Jan 20, 2023
Version 2
Topographical mapping of sympathetic postganglionic innervation of mouse heart V.2
- Ariege Bizanti1,
- Yuanyuan Zhang1,
- Kohlton Bendowski1,
- Jin Chen1,
- Mahyar Osanlouy2,
- Maci Heal3,
- Zixi Jack Cheng1
- 1University of Central Florida;
- 2Auckland Bioengineering Institute;
- 3MBF Bioscience
- SPARCTech. support email: info@neuinfo.org
Protocol Citation: Ariege Bizanti, Yuanyuan Zhang, Kohlton Bendowski, Jin Chen, Mahyar Osanlouy, Maci Heal, Zixi Jack Cheng 2023. Topographical mapping of sympathetic postganglionic innervation of mouse heart. protocols.io https://dx.doi.org/10.17504/protocols.io.n92ldzbmxv5b/v2Version created by Ariege Bizanti
License: This is an open access protocol distributed under the terms of the Creative Commons Attribution License, which permits unrestricted use, distribution, and reproduction in any medium, provided the original author and source are credited
Protocol status: Working
We use this protocol and it's working
Created: January 19, 2023
Last Modified: January 20, 2023
Protocol Integer ID: 75600
Keywords: topographical mapping of sympathetic postganglionic innervation, sympathetic postganglionic axon, immune reactive sympathetic postganglionic axon, sympathetic postganglionic innervation, terminals in the mouse heart, topographical organization of tyrosine, mouse heart, topographical mapping, mouse heart this protocol, topographical organization, microscopy, heart
Funders Acknowledgements:
HEAL/SPARC
Grant ID: NIH U01 NS113867-01
NIH R15
Grant ID: NIH R15HL137143-01A1
Abstract
This protocol describes the process of mapping the topographical organization of tyrosine hydroxylase immune reactive sympathetic postganglionic axons and terminals in the mouse heart. Hearts were removed and separated as whole mounts, then scanned using confocal or zeiss microscopy
Troubleshooting
Workflow
Animals
Male C57BL/6J mice (Jackson laboratory), n=6 were used. Animals were kept in the animal room with dark/light cycle set to 12/12 hours and water and food were supplied ad libitum. All procedures were carried out under the ethical guidelines of University of Central Florida and approved by the Animal Care and Use Committee of University of Central Florida.

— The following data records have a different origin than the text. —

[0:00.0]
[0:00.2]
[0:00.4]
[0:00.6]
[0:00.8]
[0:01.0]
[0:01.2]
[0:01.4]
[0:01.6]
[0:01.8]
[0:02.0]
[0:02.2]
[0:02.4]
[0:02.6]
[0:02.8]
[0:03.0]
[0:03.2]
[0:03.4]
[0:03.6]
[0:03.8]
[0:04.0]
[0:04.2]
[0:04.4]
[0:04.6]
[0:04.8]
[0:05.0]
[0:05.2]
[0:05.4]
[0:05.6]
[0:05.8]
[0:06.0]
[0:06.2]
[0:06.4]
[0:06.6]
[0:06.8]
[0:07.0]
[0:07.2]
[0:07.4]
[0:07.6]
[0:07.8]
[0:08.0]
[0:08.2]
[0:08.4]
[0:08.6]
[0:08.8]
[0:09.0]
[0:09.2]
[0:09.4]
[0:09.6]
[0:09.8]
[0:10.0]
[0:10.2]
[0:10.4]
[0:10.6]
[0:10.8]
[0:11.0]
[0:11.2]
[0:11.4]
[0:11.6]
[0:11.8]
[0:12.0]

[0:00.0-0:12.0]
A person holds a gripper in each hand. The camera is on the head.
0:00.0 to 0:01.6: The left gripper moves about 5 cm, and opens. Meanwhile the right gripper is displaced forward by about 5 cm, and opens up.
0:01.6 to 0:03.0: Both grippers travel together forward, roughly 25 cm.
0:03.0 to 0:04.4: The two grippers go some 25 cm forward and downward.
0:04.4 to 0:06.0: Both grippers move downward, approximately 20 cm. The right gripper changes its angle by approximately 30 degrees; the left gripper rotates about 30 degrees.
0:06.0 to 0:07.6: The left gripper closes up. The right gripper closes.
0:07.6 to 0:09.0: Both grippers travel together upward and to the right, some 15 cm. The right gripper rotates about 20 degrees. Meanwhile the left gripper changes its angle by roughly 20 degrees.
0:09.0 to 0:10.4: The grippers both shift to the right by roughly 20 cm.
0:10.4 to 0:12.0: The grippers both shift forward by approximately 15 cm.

Perfusion and tissue preparation
Animals were were anesthetized with sodium pentobarbital injection (i.p., 100 μg/g). As the animals did not have hind paw pinch withdraw reflex, the chest cavity was opened and heparin (0.2ml; 1,000 units/ml) was injected into the left ventricle, followed by transcardial perfusion. Mice were perfused with at least 150 mL 40 °C phosphate-buffered saline (0.1 M PBS, pH = 7.4) at a rate of approximately 40 ml/min, effectively draining the animal of blood via a blunt 18-ga needle inserted to the left ventricle , and blood was drained by cutting the inferior vena cava. The perfusion solution was switched to 150 mL ice cold Zamboni’s fixative (15% picric acid, 2% paraformaldehyde in PBS, pH = 7.4) to fix the tissue. During the entire procedure, extreme care was taken to ensure that no part of the heart or intestine became dry in an effort to minimize autofluorescence during later examination. After the perfusion, the mice heart was removed and post fixed overnight.
Immunohistochemistry
All IHC steps were performed using a 24-well plate on a shaker at room temperature (~24 °C) in dark environment, with each piece of tissue immersed in 0.5 ml of reaction liquid in its own well. The IHC steps include washes, blocking, primary antibody, secondary antibody, and were carried out in different wells. Samples were washed 6x5 minutes in 0.1 M PBS (pH = 7.4) and immersed in blocking solution (0.1 M PBS containing 2% bovine serum albumin, 10% normal donkey serum, 2% Triton X-100, and 0.08% sodium azide) for 48 hr.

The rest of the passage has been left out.